Print the data exactly as written, but leave out each picture.

» Extracted records

+++

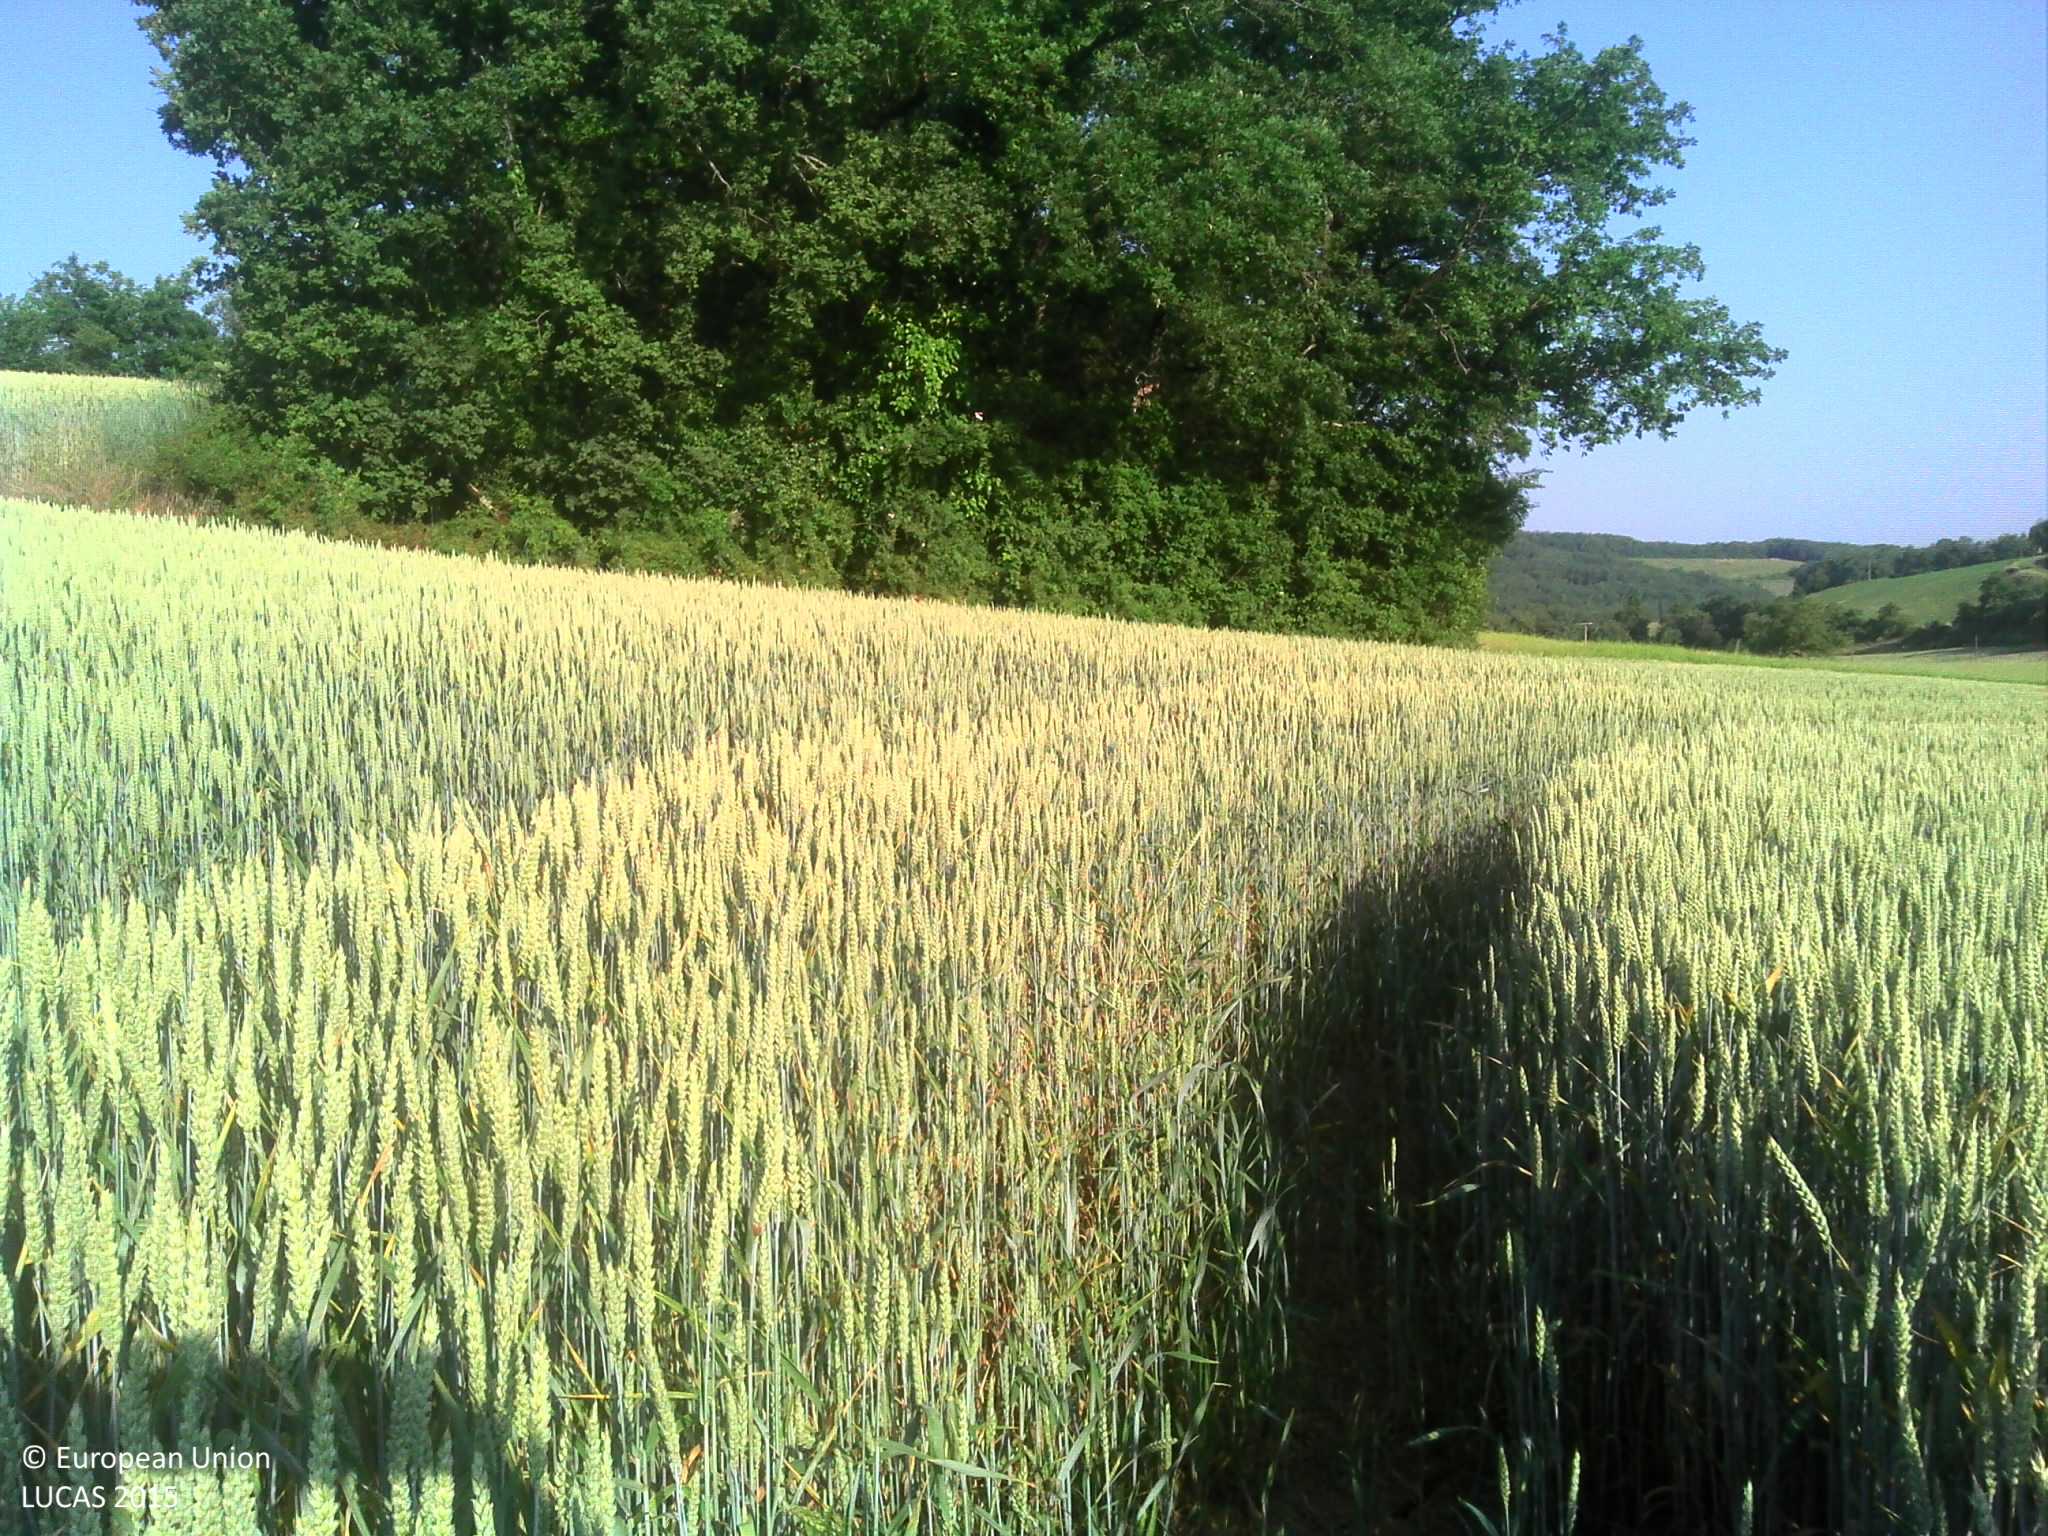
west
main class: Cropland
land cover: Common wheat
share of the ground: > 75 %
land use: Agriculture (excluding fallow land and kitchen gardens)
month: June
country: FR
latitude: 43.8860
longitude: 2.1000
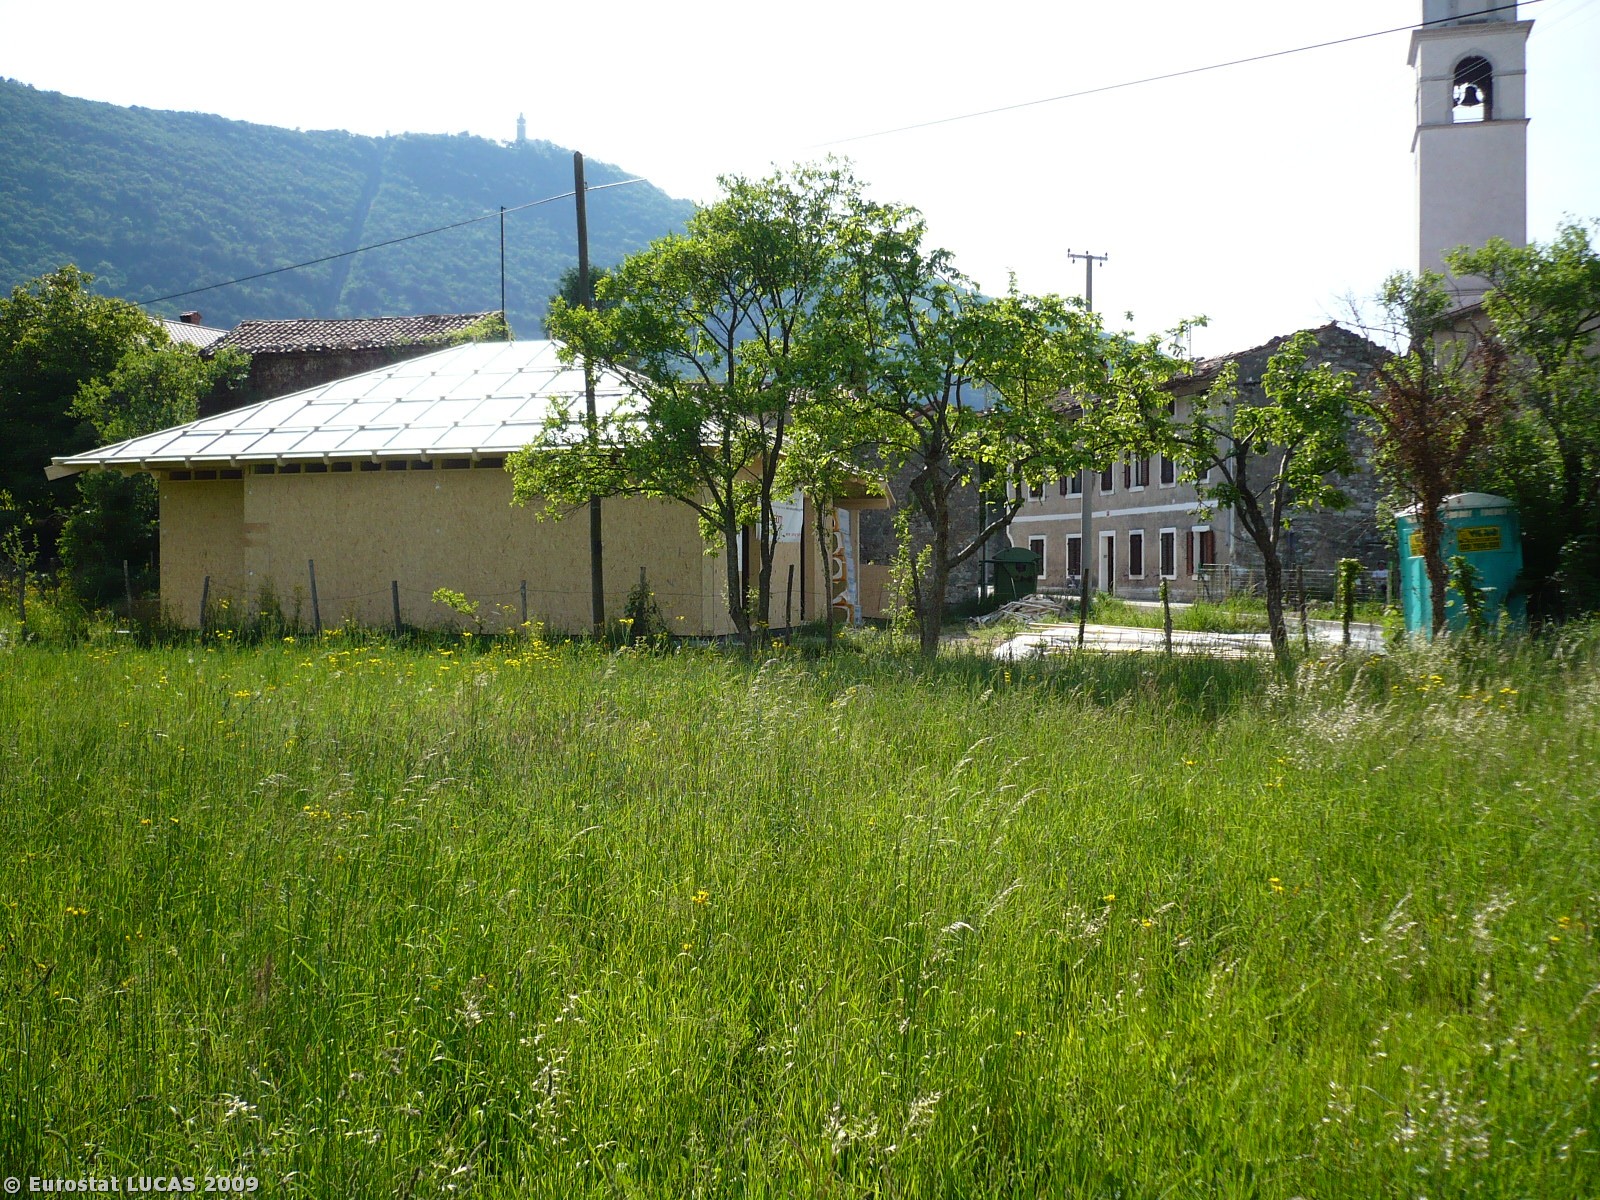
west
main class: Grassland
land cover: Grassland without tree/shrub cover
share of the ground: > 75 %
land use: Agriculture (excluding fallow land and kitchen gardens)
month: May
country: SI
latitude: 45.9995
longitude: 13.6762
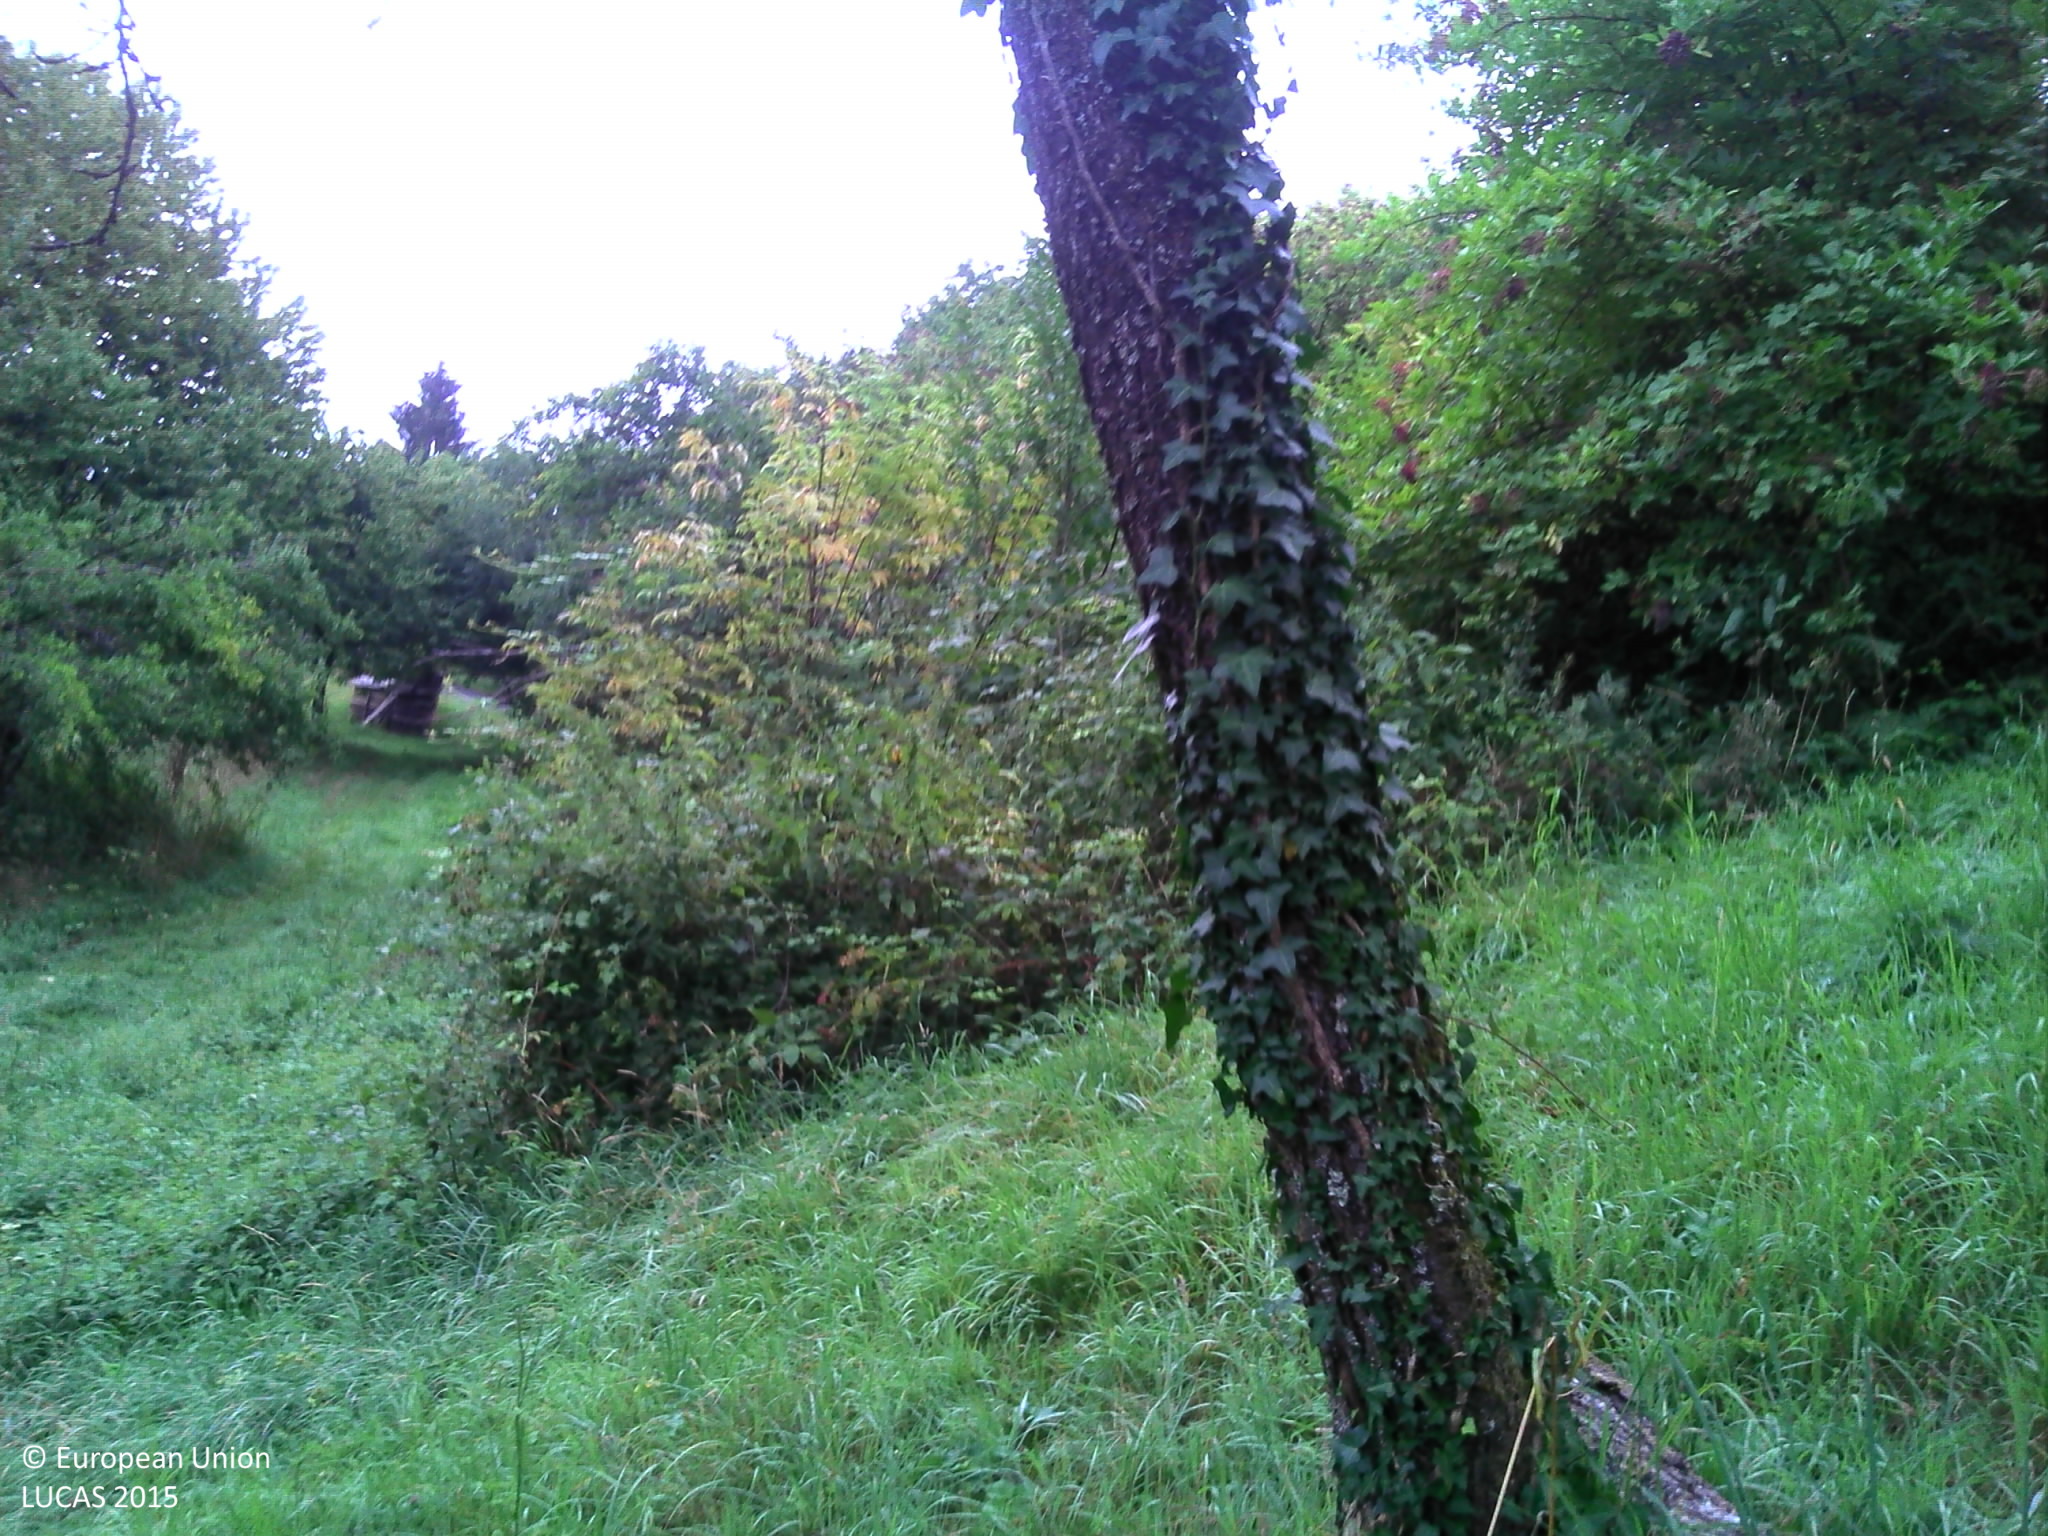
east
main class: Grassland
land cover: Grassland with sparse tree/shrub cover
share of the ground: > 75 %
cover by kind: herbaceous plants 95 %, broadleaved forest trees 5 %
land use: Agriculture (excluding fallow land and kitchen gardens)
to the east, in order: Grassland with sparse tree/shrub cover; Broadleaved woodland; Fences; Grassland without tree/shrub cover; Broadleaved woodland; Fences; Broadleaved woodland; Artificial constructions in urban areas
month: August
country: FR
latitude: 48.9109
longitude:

+++

» Solution below
west
main class: Cropland
land cover: Common wheat
share of the ground: > 75 %
land use: Agriculture (excluding fallow land and kitchen gardens)
month: June
country: FR
latitude: 43.8860
longitude: 2.1000
west
main class: Grassland
land cover: Grassland without tree/shrub cover
share of the ground: > 75 %
land use: Agriculture (excluding fallow land and kitchen gardens)
month: May
country: SI
latitude: 45.9995
longitude: 13.6762
east
main class: Grassland
land cover: Grassland with sparse tree/shrub cover
share of the ground: > 75 %
cover by kind: herbaceous plants 95 %, broadleaved forest trees 5 %
land use: Agriculture (excluding fallow land and kitchen gardens)
to the east, in order: Grassland with sparse tree/shrub cover; Broadleaved woodland; Fences; Grassland without tree/shrub cover; Broadleaved woodland; Fences; Broadleaved woodland; Artificial constructions in urban areas
month: August
country: FR
latitude: 48.9109
longitude:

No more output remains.